▶ Assigned task
All lines from the one containing "The gap between" through the last line of the listing below are to be copied exactly. Exclude the pictures.

▶ Supplied information

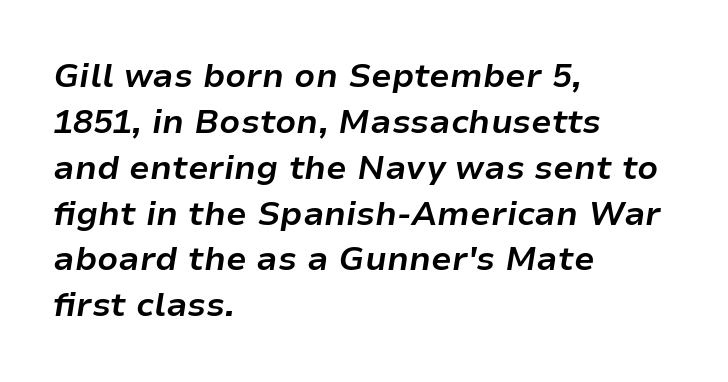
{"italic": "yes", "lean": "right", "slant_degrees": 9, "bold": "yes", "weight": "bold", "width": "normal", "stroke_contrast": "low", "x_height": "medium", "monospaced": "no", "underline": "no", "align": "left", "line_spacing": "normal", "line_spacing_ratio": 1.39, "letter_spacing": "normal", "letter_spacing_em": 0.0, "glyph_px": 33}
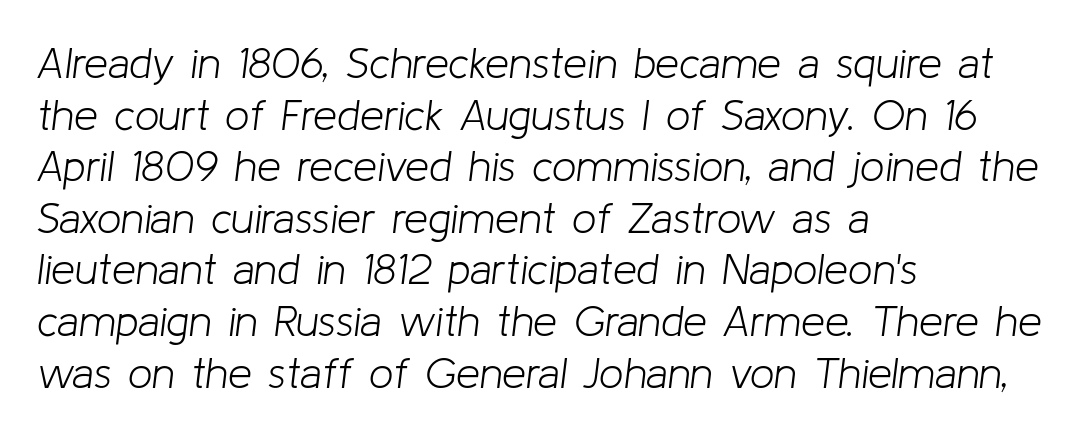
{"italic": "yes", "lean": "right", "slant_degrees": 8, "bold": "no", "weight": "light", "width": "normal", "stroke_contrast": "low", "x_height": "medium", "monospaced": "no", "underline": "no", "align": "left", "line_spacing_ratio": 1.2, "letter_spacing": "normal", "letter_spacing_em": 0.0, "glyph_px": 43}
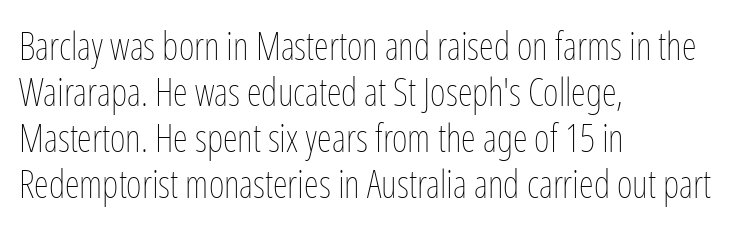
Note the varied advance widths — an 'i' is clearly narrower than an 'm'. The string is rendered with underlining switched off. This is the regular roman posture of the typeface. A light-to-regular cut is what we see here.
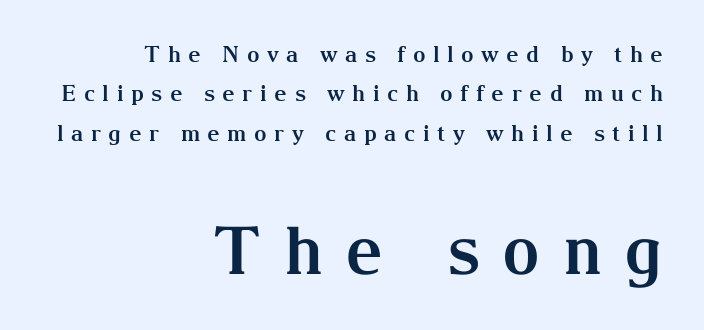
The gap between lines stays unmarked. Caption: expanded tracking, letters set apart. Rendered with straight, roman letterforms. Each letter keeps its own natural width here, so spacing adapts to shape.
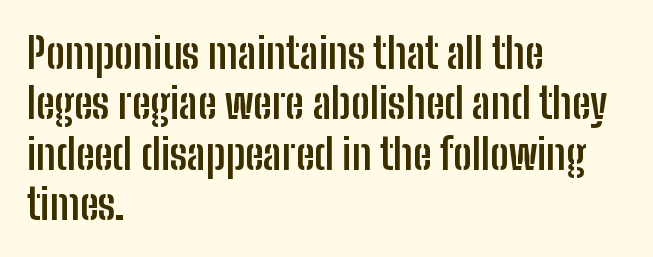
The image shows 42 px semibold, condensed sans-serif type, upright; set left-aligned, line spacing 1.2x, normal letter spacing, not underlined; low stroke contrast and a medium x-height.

▶ Solution
The gap between lines stays unmarked. Caption: expanded tracking, letters set apart. Rendered with straight, roman letterforms. Each letter keeps its own natural width here, so spacing adapts to shape.
The image shows 42 px semibold, condensed sans-serif type, upright; set left-aligned, line spacing 1.2x, normal letter spacing, not underlined; low stroke contrast and a medium x-height.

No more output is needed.